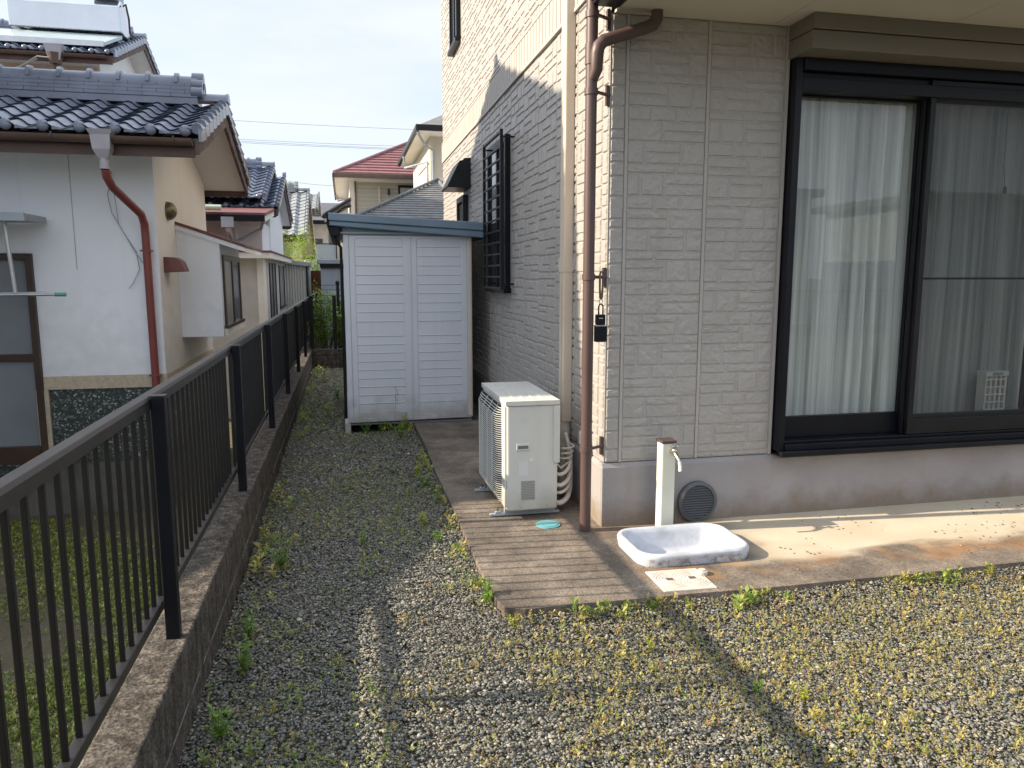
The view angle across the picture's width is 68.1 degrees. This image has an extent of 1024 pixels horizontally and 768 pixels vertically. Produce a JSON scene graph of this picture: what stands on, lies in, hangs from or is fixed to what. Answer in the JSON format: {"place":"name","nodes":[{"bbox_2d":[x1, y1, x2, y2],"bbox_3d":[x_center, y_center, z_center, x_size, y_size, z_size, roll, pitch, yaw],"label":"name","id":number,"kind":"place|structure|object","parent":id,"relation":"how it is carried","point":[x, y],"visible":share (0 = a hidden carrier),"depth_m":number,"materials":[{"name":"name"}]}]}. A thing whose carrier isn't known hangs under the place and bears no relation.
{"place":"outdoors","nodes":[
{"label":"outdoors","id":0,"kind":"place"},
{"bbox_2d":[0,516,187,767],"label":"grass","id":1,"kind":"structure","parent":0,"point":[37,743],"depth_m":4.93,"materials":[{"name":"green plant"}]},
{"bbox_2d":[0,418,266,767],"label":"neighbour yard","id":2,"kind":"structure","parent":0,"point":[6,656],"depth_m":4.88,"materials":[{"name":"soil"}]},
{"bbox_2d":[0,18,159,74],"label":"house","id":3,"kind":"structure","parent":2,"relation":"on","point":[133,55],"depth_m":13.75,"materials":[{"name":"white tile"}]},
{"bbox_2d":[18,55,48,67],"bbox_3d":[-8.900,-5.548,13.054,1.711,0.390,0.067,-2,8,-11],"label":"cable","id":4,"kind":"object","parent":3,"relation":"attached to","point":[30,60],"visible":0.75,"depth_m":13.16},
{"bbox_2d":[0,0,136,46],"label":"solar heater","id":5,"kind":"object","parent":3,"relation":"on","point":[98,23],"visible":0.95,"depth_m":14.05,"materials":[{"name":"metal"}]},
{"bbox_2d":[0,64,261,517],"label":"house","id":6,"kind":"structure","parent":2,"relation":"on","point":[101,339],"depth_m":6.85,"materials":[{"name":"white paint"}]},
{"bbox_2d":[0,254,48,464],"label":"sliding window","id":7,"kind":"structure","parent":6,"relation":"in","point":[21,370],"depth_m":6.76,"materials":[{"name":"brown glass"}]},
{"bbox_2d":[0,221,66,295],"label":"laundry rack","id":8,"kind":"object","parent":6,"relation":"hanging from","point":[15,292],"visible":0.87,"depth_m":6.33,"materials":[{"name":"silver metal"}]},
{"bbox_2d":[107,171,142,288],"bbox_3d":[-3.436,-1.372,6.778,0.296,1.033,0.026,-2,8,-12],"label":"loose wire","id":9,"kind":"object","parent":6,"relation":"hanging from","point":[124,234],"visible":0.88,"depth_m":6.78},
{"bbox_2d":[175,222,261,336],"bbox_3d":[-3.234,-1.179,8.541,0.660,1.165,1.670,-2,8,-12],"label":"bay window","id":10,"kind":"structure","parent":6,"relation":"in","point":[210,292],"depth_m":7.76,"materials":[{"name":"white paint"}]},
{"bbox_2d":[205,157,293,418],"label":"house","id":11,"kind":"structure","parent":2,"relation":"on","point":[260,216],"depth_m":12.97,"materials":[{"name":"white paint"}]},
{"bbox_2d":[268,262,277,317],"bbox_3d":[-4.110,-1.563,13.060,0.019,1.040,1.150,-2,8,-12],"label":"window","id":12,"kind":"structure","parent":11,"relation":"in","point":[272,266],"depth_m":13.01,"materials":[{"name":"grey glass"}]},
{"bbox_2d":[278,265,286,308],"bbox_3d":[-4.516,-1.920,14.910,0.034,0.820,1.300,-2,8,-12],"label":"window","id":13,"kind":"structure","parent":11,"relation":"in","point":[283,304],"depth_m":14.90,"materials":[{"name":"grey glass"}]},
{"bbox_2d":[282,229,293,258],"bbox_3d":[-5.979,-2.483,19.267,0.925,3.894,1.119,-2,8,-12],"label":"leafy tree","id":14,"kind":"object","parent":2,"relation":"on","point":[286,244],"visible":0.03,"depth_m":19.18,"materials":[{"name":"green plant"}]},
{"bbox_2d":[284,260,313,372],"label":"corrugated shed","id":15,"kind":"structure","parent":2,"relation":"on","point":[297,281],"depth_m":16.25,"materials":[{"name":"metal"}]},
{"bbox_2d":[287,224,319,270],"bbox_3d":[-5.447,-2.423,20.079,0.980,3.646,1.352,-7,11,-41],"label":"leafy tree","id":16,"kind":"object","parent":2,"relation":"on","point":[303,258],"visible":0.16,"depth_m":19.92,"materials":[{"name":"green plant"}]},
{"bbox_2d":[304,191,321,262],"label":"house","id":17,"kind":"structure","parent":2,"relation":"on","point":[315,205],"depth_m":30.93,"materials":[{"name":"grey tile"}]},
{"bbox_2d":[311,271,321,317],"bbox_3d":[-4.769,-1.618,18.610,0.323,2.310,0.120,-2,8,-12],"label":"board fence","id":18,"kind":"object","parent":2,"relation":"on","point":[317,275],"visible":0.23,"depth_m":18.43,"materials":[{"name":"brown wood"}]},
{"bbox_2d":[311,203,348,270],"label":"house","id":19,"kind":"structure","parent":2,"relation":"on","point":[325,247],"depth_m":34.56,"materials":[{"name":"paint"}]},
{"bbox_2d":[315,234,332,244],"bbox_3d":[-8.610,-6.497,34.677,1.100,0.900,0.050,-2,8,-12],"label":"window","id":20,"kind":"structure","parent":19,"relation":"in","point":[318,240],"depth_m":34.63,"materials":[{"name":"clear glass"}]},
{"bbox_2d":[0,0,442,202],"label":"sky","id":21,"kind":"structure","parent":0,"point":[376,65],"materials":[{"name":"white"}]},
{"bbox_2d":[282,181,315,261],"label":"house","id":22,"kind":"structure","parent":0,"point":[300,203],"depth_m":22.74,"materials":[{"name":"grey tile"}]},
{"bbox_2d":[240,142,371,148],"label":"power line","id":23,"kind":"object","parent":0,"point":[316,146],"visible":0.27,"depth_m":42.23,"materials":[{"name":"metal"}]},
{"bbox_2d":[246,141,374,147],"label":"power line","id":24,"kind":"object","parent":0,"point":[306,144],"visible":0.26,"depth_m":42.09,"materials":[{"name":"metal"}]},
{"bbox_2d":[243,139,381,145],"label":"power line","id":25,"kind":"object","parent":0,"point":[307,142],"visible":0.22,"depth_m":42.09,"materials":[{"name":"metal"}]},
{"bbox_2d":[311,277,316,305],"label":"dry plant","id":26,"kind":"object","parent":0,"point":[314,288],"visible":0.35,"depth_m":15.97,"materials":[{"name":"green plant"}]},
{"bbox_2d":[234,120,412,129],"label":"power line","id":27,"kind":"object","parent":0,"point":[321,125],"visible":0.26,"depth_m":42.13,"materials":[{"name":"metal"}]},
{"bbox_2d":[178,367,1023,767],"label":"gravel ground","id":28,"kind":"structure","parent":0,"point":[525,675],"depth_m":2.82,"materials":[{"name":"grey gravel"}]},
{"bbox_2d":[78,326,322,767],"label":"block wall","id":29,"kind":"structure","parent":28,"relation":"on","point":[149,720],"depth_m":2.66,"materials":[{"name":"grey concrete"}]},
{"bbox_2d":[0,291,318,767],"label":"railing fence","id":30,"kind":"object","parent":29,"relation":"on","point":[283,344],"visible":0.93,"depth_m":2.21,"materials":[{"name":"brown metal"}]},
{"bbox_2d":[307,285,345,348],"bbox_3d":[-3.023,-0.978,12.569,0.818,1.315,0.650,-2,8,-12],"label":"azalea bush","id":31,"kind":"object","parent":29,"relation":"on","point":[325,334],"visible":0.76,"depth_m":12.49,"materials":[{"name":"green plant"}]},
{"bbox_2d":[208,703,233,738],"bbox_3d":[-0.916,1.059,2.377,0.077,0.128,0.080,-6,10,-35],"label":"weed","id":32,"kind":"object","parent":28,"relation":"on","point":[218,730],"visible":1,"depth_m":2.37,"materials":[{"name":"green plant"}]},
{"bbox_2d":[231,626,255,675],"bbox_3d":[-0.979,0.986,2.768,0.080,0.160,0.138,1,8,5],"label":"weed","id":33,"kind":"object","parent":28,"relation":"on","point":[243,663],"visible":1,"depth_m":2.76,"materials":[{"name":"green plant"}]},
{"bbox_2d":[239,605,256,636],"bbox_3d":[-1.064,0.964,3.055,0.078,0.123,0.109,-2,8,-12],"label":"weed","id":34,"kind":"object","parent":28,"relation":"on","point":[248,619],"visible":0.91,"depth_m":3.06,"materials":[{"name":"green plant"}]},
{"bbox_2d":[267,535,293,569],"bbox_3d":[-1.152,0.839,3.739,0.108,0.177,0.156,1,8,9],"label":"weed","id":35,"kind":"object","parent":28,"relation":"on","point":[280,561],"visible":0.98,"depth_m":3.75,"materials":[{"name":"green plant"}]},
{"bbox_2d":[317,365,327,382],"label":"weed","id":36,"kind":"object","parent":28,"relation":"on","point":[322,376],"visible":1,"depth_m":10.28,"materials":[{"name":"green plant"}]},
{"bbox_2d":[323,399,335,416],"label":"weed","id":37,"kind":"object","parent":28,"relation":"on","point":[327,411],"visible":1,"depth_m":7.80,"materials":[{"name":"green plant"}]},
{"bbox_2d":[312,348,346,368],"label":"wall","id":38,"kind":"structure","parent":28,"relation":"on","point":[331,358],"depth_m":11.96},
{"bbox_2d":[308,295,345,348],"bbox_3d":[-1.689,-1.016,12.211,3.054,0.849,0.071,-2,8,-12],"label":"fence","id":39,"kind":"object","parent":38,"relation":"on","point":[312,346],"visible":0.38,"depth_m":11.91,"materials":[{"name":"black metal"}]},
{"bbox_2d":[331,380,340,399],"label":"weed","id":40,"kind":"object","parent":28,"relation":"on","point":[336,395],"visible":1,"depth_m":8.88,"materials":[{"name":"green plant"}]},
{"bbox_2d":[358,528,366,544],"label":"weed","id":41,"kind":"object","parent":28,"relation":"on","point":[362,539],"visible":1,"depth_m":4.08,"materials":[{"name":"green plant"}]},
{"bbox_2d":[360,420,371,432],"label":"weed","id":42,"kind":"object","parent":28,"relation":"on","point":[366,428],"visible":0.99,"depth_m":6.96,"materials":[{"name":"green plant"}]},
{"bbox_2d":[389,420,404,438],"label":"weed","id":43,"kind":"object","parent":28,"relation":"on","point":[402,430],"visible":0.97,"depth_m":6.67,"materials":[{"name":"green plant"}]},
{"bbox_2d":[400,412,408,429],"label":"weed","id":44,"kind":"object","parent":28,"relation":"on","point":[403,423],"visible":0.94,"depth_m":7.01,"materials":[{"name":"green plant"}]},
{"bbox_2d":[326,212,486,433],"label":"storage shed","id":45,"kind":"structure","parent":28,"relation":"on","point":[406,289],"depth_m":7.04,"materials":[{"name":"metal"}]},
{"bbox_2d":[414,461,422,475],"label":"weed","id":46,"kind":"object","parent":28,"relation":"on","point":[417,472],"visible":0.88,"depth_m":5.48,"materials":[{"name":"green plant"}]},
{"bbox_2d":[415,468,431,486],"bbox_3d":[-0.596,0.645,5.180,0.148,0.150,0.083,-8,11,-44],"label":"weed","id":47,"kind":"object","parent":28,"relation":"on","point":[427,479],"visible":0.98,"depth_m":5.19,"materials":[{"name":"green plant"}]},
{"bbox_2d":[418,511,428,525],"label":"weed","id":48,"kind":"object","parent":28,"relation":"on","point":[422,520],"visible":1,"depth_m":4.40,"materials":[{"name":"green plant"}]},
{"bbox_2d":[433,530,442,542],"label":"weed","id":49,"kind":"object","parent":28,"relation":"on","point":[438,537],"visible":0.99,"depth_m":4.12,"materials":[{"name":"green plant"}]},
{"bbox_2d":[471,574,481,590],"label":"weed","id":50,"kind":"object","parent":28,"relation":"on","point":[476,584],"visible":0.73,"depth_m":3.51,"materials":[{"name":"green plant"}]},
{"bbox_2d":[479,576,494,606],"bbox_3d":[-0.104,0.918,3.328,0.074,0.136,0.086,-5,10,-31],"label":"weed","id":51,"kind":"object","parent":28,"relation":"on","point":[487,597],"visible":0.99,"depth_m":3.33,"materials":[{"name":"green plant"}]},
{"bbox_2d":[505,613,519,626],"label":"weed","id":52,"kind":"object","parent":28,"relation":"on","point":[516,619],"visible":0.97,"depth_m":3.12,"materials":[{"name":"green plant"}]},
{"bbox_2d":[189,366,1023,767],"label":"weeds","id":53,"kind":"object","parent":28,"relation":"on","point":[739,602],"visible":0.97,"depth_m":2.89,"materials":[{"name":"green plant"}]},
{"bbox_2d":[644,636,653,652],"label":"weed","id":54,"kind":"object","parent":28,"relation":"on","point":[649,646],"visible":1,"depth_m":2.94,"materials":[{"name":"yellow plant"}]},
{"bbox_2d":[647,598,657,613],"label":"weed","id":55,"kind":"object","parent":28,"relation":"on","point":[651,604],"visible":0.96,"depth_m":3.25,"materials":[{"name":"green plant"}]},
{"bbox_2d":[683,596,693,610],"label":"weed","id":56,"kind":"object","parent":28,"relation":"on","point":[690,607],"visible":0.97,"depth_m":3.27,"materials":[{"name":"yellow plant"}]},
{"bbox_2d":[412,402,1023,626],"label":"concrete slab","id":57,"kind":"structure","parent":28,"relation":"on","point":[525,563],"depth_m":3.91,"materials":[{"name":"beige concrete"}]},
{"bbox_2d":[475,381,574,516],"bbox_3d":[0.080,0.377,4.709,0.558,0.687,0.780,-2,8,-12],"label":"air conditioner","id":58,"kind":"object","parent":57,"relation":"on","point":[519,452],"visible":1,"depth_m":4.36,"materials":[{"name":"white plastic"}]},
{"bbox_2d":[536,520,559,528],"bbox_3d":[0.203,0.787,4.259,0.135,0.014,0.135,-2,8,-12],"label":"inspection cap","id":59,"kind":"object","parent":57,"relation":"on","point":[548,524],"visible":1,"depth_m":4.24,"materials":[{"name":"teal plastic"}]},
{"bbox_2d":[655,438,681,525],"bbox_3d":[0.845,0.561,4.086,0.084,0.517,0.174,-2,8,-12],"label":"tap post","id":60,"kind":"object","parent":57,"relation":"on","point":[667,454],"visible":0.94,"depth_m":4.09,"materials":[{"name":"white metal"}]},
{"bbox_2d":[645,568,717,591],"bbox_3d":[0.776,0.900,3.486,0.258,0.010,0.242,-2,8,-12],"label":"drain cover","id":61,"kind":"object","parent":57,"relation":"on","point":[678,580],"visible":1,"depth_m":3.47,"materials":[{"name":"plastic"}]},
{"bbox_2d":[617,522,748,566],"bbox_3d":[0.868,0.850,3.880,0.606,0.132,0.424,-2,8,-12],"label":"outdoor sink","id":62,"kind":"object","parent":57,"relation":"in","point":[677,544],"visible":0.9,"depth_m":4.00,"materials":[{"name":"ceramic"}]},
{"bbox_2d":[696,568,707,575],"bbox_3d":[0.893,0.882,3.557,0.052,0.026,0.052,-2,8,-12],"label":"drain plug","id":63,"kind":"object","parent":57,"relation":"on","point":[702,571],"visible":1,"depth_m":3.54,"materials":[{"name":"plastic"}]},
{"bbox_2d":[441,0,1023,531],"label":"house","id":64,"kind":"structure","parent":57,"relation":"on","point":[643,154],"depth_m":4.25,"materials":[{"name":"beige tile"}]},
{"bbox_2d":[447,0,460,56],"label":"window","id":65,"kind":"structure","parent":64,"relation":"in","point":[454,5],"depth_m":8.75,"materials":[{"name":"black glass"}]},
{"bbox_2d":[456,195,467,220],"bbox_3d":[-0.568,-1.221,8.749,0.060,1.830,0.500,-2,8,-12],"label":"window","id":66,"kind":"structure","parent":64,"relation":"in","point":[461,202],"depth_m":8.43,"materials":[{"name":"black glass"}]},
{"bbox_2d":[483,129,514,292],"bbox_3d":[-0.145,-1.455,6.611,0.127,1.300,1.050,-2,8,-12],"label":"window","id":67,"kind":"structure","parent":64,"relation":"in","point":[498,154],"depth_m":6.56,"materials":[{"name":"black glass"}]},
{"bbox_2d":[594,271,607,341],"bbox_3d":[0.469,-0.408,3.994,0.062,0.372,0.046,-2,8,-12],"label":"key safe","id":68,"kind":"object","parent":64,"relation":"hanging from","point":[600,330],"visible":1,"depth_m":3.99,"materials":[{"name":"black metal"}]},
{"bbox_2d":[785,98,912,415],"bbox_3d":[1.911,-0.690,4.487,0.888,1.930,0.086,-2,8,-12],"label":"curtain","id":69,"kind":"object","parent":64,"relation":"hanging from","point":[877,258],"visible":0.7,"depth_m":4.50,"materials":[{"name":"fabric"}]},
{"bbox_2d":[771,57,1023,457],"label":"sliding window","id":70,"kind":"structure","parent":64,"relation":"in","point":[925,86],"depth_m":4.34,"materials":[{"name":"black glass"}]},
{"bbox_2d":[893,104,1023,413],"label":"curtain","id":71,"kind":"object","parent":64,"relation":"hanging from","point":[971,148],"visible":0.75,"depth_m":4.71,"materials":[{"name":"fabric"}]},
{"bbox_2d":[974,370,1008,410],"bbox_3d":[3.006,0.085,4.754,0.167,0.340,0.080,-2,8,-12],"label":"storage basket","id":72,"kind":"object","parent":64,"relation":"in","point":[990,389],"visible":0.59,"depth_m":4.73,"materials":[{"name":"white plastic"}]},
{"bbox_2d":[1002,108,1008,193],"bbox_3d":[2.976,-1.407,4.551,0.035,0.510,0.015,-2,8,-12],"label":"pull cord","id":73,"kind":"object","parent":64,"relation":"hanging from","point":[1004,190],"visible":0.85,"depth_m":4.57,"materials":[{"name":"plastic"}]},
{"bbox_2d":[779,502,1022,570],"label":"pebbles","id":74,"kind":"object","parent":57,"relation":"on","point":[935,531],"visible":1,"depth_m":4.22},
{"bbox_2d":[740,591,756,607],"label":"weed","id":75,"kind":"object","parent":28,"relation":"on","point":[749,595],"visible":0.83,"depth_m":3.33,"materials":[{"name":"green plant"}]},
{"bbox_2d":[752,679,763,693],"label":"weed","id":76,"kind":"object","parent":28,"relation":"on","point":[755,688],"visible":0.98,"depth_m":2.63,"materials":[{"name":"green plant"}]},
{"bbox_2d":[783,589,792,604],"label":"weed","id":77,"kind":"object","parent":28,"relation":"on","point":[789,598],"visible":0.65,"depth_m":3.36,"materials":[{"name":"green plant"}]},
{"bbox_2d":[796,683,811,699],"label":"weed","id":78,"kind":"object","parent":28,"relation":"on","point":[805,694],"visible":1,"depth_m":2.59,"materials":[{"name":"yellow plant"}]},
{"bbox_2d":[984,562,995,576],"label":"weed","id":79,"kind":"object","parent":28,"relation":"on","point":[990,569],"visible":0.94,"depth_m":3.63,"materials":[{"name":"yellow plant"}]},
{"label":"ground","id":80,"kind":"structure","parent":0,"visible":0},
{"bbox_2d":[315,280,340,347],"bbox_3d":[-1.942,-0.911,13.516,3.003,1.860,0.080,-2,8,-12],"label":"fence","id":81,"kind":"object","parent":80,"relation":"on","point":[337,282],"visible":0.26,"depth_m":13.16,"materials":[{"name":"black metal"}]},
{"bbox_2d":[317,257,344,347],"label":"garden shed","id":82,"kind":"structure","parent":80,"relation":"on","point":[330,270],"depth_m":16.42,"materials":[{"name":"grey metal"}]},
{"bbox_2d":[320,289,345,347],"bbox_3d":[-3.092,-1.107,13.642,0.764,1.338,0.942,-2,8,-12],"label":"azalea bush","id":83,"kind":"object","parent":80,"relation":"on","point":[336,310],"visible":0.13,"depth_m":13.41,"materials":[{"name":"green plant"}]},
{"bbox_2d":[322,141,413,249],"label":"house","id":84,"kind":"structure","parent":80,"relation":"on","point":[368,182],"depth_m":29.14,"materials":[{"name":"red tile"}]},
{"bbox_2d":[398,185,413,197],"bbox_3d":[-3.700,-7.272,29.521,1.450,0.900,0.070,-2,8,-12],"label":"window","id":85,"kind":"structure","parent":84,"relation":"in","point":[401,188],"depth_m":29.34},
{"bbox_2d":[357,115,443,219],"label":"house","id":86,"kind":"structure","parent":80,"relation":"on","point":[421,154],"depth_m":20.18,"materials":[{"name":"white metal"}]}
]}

Task objective: Take every line from the data that includes the word "power".

Solution:
{"bbox_2d":[240,142,371,148],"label":"power line","id":23,"kind":"object","parent":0,"point":[316,146],"visible":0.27,"depth_m":42.23,"materials":[{"name":"metal"}]},
{"bbox_2d":[246,141,374,147],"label":"power line","id":24,"kind":"object","parent":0,"point":[306,144],"visible":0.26,"depth_m":42.09,"materials":[{"name":"metal"}]},
{"bbox_2d":[243,139,381,145],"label":"power line","id":25,"kind":"object","parent":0,"point":[307,142],"visible":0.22,"depth_m":42.09,"materials":[{"name":"metal"}]},
{"bbox_2d":[234,120,412,129],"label":"power line","id":27,"kind":"object","parent":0,"point":[321,125],"visible":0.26,"depth_m":42.13,"materials":[{"name":"metal"}]},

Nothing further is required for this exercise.